◆ What is expected
Find the string "rotate" in the material. Copy every line that has it.
########
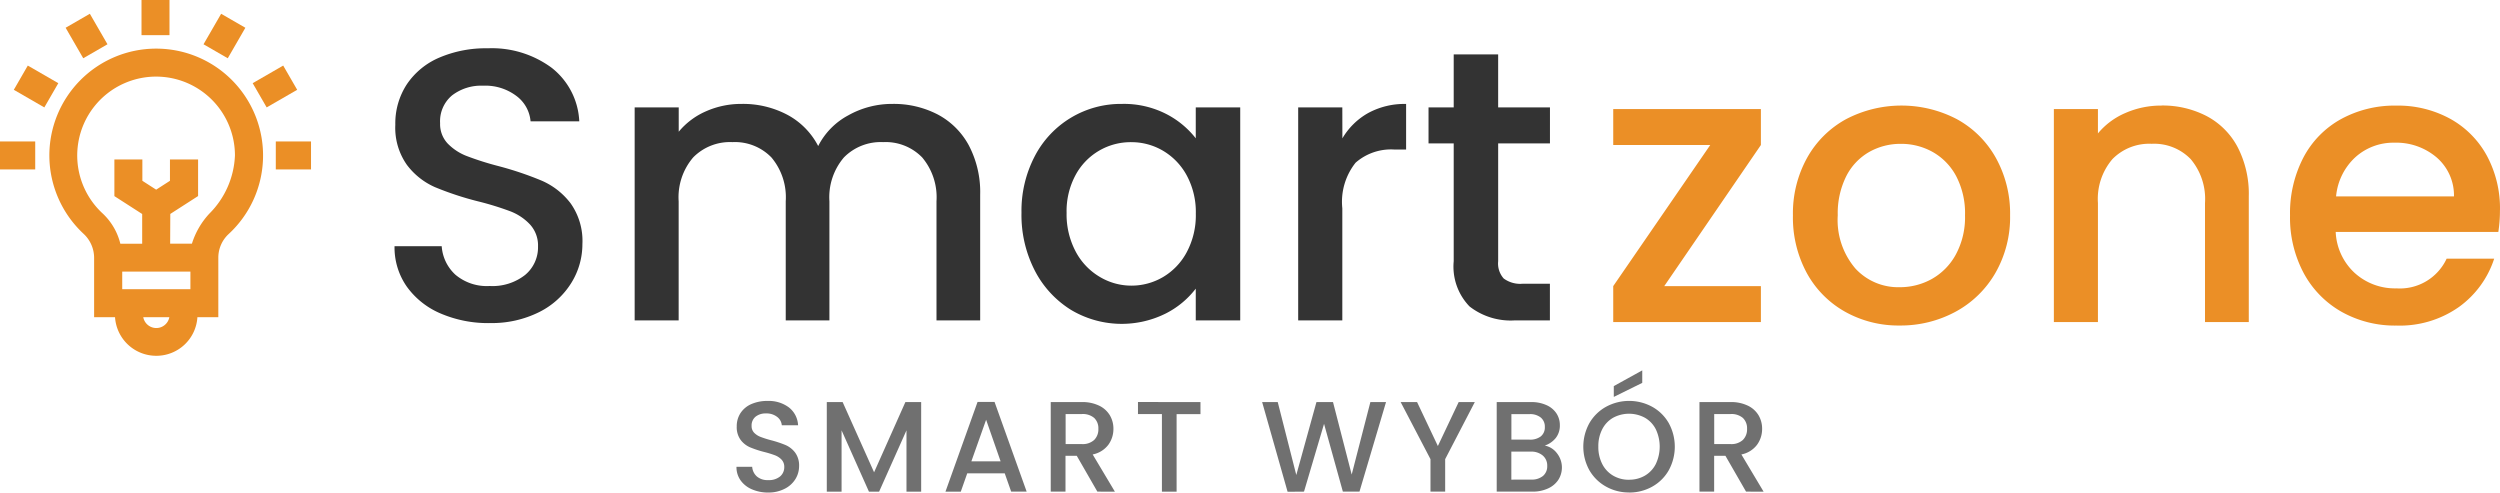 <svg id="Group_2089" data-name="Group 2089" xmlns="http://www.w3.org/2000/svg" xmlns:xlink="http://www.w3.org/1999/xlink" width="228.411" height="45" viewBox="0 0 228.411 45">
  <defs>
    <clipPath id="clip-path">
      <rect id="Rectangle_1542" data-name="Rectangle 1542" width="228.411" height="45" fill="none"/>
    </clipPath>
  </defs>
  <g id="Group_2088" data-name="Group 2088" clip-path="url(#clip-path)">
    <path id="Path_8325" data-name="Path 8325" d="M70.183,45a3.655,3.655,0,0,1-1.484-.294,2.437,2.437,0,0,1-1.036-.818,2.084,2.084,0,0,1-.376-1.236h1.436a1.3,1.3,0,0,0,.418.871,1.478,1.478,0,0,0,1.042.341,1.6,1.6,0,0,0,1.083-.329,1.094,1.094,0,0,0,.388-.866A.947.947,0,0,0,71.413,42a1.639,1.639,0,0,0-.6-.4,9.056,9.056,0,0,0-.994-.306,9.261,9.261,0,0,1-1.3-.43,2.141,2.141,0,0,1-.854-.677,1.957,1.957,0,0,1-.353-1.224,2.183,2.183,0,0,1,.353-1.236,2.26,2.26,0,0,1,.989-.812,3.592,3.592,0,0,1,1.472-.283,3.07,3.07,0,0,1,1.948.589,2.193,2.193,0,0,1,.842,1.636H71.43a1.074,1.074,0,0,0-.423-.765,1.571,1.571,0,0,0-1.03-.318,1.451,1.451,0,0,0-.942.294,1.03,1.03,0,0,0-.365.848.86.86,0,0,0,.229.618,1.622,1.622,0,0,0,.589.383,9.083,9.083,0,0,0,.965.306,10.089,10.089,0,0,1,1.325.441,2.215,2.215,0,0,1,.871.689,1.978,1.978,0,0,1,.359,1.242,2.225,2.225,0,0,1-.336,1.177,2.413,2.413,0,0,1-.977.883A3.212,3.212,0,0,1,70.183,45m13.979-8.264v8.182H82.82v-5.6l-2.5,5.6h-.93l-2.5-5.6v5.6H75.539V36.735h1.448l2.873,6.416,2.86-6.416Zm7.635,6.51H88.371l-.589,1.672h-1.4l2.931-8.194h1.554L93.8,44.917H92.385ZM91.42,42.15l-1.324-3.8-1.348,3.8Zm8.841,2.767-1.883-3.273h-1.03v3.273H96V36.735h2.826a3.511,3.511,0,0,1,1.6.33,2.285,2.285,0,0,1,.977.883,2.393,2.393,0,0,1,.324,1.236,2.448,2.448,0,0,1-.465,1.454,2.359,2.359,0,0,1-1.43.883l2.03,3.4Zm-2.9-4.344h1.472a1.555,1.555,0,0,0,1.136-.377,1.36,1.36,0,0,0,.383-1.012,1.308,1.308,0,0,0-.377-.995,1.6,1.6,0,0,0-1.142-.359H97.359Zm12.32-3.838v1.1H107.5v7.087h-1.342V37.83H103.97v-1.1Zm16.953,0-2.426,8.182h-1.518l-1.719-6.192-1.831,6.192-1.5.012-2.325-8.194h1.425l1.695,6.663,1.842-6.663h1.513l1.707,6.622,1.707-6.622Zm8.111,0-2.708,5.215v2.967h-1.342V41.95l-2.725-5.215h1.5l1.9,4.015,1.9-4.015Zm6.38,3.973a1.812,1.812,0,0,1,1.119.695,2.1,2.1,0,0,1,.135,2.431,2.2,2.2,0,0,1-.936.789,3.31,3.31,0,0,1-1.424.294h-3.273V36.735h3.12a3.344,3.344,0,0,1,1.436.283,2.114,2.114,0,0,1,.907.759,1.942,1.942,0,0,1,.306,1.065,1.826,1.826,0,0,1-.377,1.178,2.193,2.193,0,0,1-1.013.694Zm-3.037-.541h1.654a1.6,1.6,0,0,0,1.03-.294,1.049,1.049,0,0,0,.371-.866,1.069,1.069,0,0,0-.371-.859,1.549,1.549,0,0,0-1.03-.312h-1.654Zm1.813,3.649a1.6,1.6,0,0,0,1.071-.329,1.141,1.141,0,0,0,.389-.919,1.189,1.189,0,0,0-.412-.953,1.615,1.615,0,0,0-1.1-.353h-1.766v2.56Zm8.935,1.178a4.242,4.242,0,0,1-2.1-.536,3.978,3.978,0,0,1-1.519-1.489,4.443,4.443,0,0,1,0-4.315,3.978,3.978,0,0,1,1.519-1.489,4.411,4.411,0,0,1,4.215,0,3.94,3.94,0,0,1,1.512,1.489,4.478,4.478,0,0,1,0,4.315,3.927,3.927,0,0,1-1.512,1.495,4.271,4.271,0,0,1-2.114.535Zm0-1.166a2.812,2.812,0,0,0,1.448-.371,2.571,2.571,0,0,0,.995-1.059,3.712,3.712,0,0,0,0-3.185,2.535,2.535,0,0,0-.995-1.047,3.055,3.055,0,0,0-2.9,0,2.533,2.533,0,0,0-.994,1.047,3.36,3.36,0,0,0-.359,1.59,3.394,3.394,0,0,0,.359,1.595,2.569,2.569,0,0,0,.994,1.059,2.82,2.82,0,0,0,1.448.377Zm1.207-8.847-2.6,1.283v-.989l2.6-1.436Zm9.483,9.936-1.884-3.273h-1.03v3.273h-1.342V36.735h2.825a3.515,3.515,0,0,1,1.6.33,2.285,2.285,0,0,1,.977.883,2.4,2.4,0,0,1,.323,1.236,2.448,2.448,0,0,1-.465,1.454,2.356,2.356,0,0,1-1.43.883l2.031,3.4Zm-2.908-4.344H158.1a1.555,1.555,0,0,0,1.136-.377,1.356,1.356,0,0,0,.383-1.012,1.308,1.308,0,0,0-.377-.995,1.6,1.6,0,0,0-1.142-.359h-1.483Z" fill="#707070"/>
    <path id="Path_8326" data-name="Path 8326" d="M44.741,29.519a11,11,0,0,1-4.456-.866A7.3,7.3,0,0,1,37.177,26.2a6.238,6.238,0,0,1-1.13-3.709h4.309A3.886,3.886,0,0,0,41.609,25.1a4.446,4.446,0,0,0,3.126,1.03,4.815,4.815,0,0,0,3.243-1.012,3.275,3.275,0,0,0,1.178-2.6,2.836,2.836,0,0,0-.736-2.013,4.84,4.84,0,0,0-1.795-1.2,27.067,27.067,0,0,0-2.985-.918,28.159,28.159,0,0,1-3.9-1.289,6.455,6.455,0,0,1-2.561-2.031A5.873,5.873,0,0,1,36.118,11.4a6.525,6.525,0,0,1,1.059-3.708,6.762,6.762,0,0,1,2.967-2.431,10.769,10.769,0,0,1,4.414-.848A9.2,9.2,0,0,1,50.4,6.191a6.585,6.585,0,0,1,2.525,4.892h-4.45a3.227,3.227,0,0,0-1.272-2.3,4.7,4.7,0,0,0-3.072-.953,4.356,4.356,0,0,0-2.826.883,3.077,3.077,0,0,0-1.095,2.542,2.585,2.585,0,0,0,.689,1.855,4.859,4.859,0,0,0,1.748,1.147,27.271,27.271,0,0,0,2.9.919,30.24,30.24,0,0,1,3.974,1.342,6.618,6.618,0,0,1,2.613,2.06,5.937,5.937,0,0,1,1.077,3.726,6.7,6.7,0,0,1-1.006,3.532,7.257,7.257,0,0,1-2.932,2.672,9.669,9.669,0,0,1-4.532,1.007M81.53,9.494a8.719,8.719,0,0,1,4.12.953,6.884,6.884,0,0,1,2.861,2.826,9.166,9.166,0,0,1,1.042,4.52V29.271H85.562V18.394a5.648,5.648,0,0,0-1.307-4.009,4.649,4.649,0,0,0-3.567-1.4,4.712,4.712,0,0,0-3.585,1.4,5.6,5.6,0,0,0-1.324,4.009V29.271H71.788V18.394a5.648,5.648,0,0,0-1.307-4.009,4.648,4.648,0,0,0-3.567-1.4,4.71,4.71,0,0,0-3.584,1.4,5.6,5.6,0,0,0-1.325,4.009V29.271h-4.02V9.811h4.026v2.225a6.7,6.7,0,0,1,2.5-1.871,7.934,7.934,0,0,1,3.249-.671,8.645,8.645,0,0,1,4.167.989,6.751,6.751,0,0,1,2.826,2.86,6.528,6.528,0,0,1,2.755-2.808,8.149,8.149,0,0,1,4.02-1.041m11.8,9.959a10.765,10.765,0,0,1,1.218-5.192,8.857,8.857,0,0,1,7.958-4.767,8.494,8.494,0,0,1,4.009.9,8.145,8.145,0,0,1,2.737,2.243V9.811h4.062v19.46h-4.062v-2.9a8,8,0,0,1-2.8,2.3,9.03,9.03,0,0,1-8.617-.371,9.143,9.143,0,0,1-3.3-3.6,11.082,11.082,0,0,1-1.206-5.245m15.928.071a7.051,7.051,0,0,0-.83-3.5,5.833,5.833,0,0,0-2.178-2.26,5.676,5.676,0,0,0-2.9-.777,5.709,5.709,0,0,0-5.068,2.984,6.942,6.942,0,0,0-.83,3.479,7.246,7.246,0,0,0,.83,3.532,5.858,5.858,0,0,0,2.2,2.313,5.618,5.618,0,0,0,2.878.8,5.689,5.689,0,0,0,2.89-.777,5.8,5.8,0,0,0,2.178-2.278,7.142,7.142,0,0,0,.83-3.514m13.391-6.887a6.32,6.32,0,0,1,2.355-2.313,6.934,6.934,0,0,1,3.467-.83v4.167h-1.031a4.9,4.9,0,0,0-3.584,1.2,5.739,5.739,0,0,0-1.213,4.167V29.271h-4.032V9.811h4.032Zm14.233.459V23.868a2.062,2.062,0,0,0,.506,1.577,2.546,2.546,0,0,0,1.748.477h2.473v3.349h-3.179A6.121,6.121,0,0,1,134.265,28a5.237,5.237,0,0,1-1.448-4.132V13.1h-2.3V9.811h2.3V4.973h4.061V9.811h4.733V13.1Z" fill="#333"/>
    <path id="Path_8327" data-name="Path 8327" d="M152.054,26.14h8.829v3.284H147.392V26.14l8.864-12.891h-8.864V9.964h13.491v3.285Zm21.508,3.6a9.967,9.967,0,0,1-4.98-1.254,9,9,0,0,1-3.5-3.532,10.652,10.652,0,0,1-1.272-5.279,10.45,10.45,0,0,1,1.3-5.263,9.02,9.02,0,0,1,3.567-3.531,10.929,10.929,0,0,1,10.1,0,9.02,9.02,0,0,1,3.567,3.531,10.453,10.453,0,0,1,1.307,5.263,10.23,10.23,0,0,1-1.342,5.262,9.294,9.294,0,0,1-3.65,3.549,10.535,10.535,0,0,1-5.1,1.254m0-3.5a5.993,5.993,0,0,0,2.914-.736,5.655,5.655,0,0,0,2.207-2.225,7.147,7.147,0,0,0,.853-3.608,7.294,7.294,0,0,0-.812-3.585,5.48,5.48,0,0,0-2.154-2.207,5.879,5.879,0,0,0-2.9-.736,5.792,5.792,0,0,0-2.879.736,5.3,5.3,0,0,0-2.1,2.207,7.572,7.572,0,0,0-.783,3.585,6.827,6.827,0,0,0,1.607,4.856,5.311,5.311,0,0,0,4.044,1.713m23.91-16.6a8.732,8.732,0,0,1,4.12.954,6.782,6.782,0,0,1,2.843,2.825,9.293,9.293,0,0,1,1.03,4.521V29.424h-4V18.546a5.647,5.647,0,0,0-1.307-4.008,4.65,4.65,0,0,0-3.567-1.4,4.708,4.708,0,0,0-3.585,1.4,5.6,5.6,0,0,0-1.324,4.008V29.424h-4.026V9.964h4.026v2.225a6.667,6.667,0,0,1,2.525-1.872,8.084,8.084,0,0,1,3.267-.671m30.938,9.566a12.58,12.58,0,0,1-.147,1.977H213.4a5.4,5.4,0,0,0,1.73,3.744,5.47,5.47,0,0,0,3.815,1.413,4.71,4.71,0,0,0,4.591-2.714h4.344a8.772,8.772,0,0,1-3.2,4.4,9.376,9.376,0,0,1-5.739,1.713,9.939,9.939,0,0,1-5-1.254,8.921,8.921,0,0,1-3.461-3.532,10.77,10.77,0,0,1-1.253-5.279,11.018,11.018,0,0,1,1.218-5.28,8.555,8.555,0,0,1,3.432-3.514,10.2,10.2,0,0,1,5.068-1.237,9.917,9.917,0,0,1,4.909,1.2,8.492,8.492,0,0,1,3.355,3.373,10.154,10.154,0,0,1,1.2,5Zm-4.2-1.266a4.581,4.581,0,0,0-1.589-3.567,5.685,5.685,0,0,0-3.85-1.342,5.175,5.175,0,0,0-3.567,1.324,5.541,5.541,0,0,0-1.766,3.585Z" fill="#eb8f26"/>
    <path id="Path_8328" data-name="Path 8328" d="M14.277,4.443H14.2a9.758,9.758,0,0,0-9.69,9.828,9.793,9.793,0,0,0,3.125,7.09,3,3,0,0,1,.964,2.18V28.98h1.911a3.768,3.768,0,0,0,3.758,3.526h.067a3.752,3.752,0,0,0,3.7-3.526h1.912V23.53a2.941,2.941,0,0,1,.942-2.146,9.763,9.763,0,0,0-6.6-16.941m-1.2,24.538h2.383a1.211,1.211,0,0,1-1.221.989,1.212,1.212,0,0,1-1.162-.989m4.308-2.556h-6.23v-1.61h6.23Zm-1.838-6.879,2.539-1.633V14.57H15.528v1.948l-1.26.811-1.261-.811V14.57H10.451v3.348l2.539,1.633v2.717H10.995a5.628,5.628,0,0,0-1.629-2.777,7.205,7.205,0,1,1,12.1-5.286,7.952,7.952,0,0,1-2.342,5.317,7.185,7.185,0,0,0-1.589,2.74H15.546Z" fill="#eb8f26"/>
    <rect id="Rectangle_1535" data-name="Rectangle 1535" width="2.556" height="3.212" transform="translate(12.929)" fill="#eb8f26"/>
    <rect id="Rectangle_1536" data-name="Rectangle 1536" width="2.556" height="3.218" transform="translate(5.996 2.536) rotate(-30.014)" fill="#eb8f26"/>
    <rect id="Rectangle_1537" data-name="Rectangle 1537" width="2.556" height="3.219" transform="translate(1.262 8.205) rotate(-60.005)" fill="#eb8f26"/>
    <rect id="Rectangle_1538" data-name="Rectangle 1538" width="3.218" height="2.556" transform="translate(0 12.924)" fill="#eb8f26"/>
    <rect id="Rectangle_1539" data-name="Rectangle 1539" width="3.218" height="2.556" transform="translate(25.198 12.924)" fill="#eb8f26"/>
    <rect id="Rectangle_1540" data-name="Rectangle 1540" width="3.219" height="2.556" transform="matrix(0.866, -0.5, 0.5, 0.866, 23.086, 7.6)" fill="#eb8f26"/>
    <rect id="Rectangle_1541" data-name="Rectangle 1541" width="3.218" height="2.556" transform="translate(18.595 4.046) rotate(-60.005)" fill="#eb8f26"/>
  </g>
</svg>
########
◆ Answer to this problem
    <rect id="Rectangle_1536" data-name="Rectangle 1536" width="2.556" height="3.218" transform="translate(5.996 2.536) rotate(-30.014)" fill="#eb8f26"/>
    <rect id="Rectangle_1537" data-name="Rectangle 1537" width="2.556" height="3.219" transform="translate(1.262 8.205) rotate(-60.005)" fill="#eb8f26"/>
    <rect id="Rectangle_1541" data-name="Rectangle 1541" width="3.218" height="2.556" transform="translate(18.595 4.046) rotate(-60.005)" fill="#eb8f26"/>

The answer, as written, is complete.